**THE PROBLEM**
Read the lines below, and copy any that contain the string "congestion".

(AVAILABLE DATA Opens)

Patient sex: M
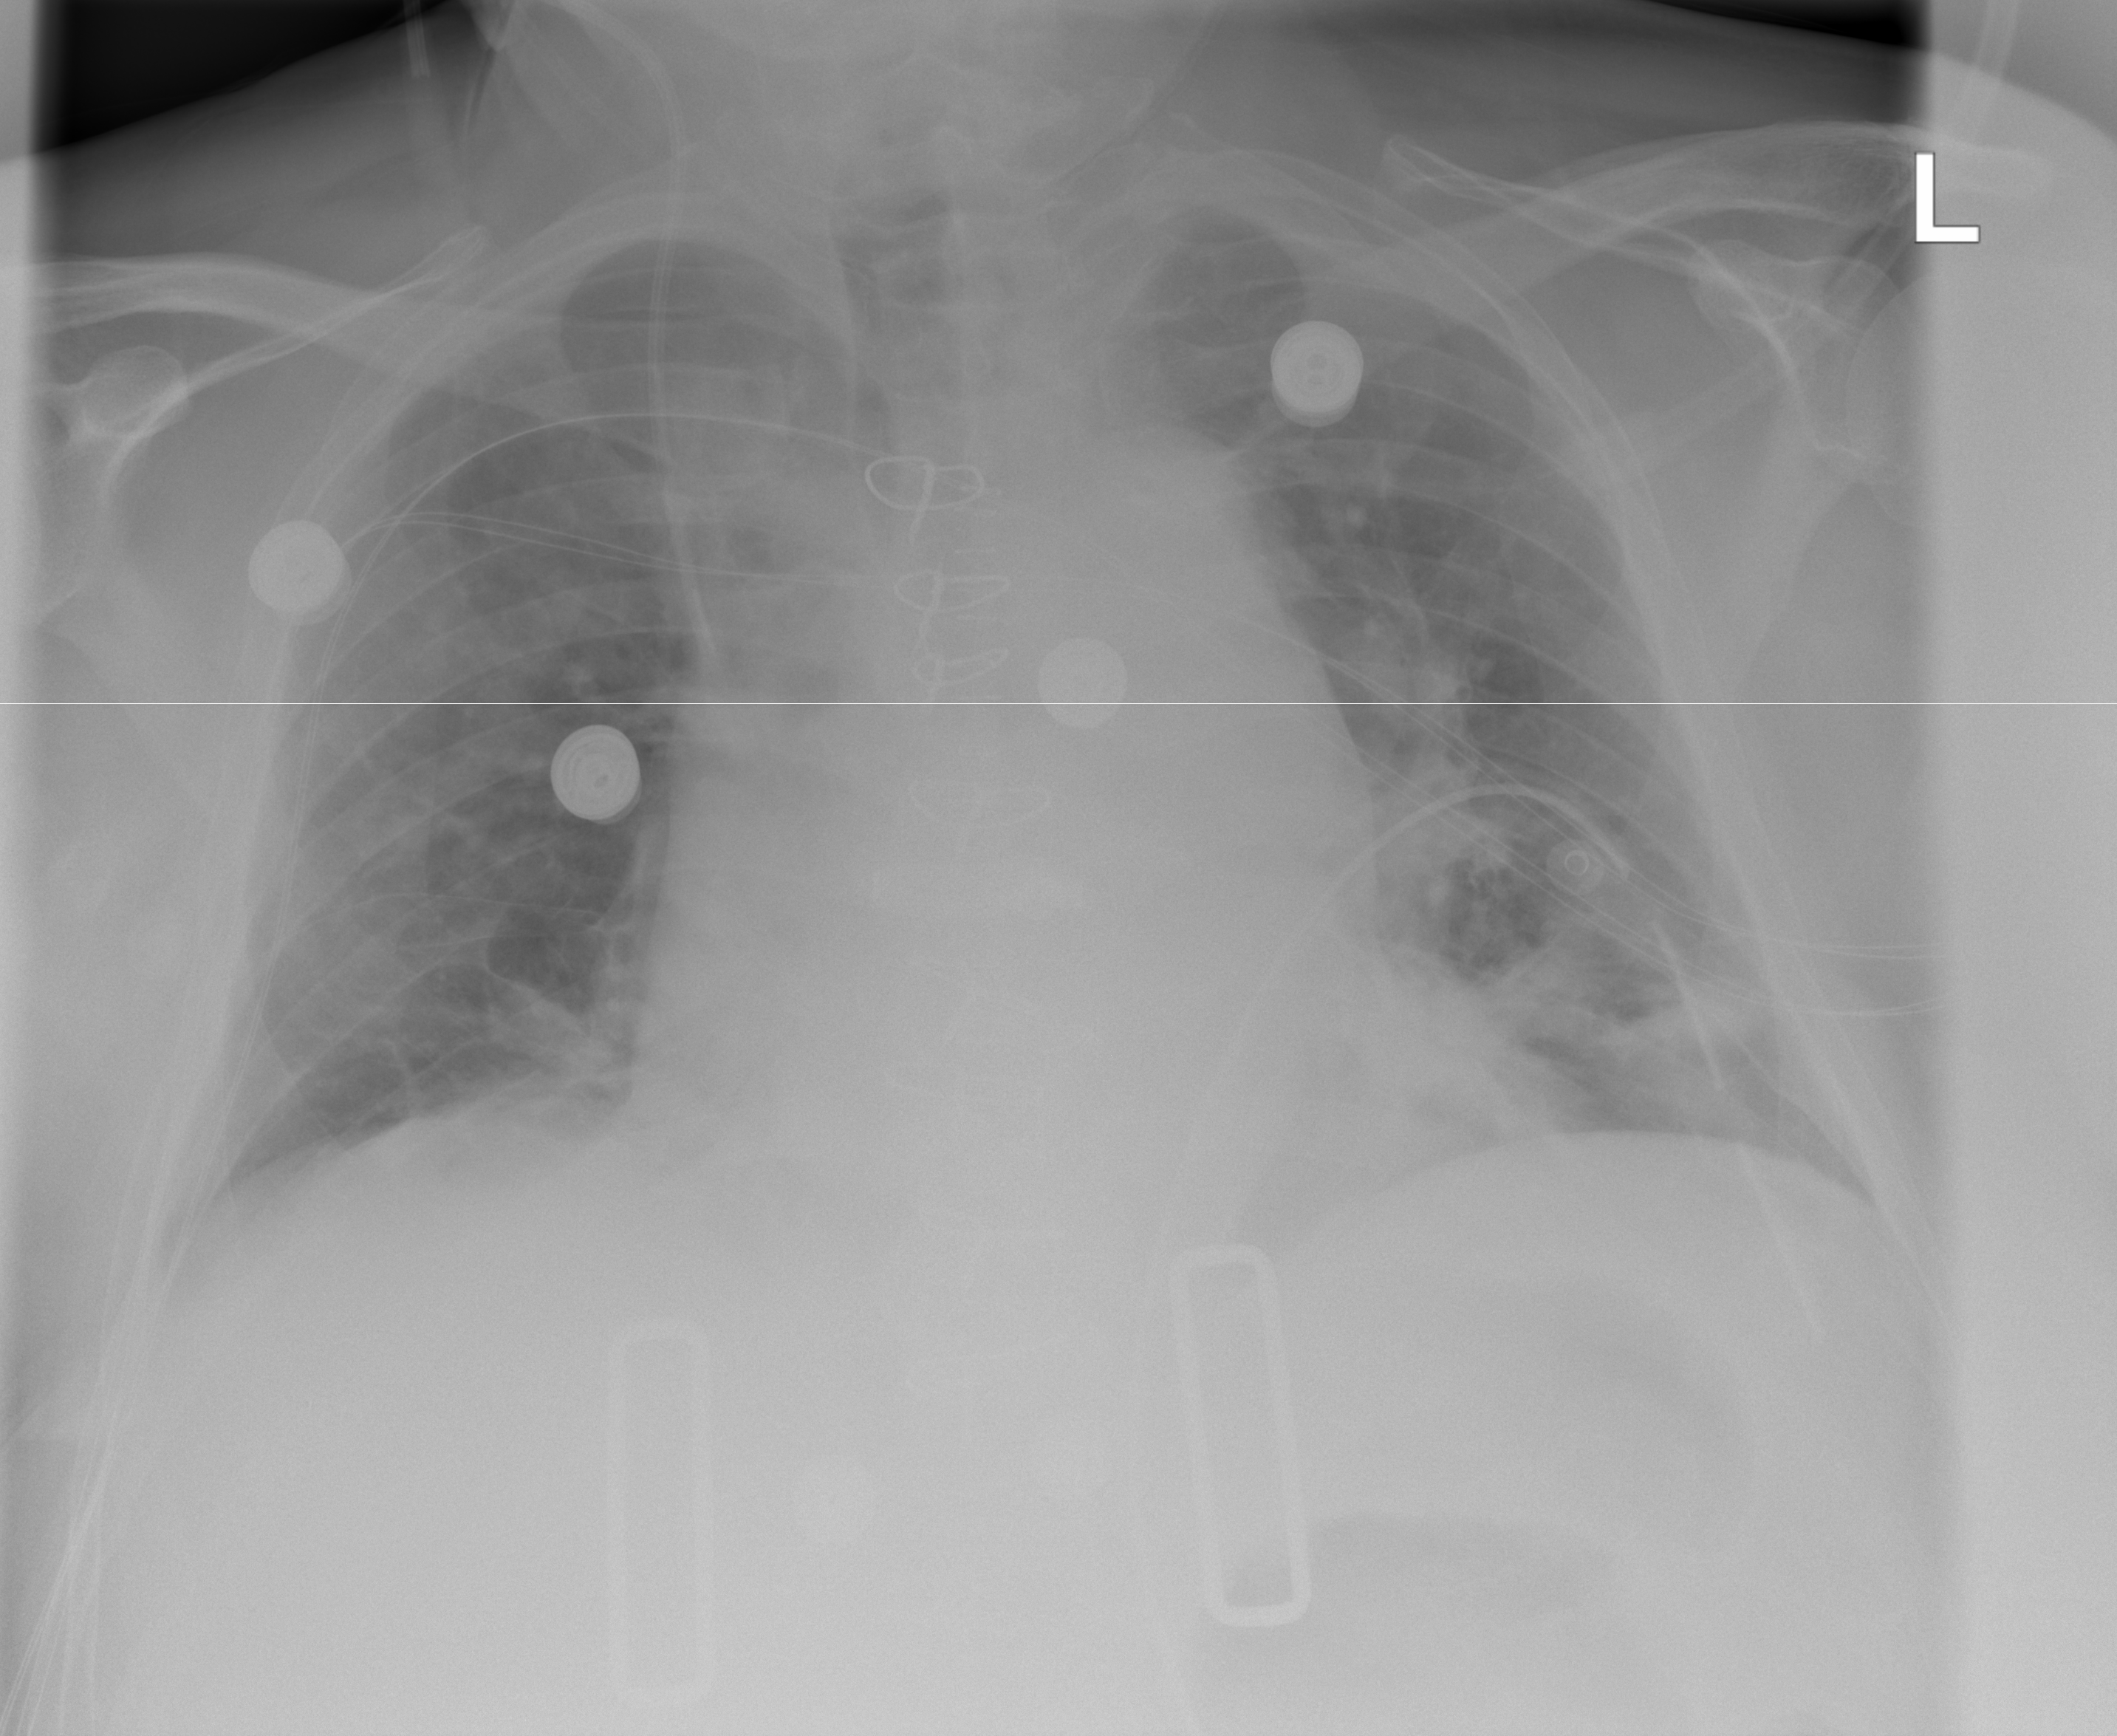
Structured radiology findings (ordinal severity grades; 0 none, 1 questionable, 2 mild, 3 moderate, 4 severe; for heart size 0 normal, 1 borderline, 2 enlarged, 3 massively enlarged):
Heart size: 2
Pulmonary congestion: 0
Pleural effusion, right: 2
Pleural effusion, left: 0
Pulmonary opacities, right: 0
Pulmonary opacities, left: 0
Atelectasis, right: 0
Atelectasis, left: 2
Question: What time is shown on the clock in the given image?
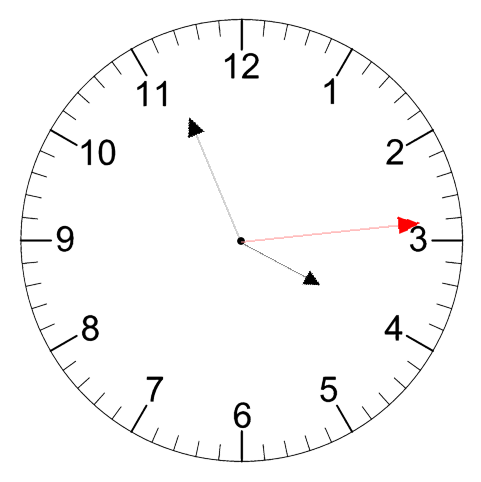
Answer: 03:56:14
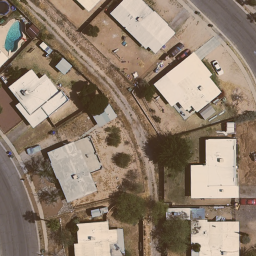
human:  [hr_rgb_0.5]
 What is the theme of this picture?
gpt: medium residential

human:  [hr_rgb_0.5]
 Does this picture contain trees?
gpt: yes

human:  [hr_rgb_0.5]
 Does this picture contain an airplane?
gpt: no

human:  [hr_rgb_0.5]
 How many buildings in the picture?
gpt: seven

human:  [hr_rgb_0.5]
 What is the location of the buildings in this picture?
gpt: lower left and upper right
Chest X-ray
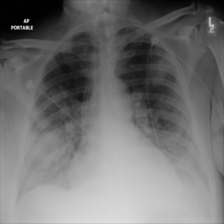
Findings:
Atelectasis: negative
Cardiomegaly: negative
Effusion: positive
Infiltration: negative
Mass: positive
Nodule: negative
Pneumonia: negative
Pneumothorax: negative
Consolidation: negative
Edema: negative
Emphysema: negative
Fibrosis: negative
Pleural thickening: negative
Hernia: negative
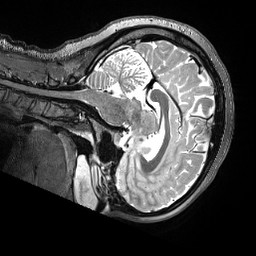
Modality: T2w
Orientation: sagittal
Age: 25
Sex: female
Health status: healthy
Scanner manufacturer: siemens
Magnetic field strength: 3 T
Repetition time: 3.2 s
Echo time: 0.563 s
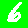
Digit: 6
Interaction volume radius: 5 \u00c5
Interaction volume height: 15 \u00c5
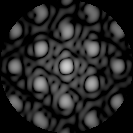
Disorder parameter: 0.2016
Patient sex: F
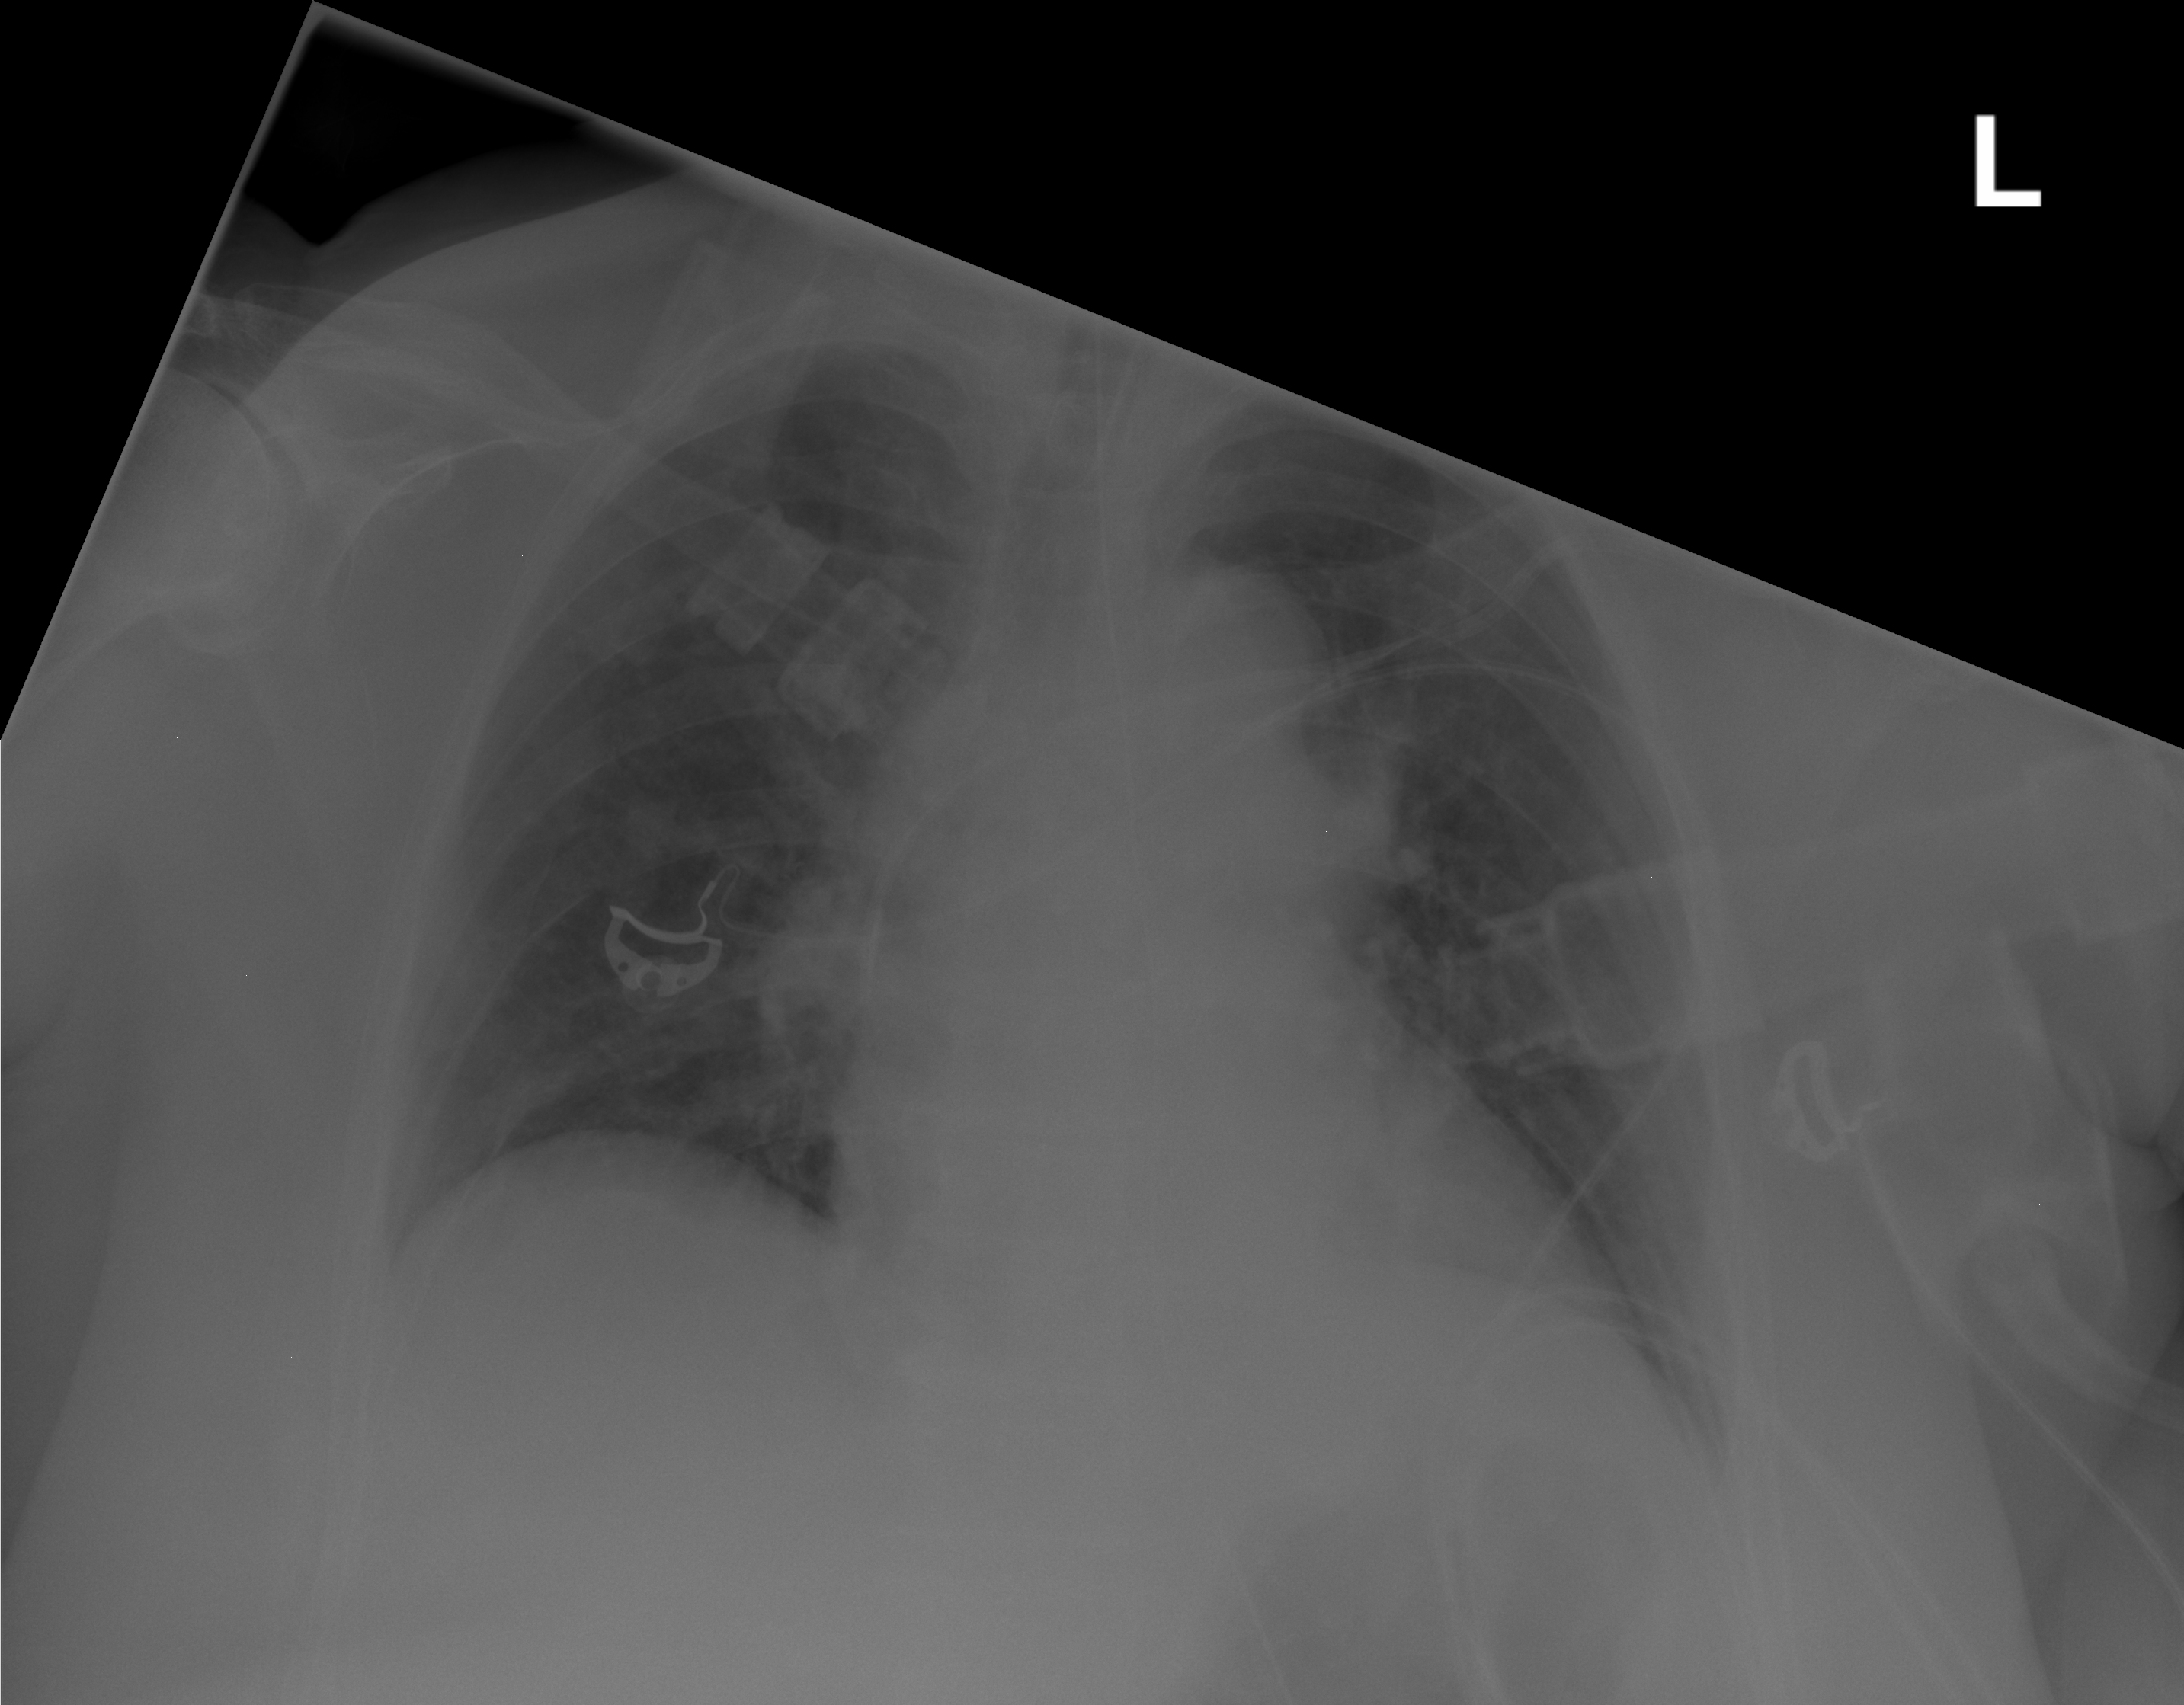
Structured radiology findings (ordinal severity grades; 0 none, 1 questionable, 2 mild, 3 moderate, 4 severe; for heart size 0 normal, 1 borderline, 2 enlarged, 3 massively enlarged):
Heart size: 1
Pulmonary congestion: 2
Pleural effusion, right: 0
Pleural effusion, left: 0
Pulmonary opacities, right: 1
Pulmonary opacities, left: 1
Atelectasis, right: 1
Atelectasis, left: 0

(AVAILABLE DATA Closes)

**WRITTEN SOLUTION**
Pulmonary congestion: 0
Pulmonary congestion: 2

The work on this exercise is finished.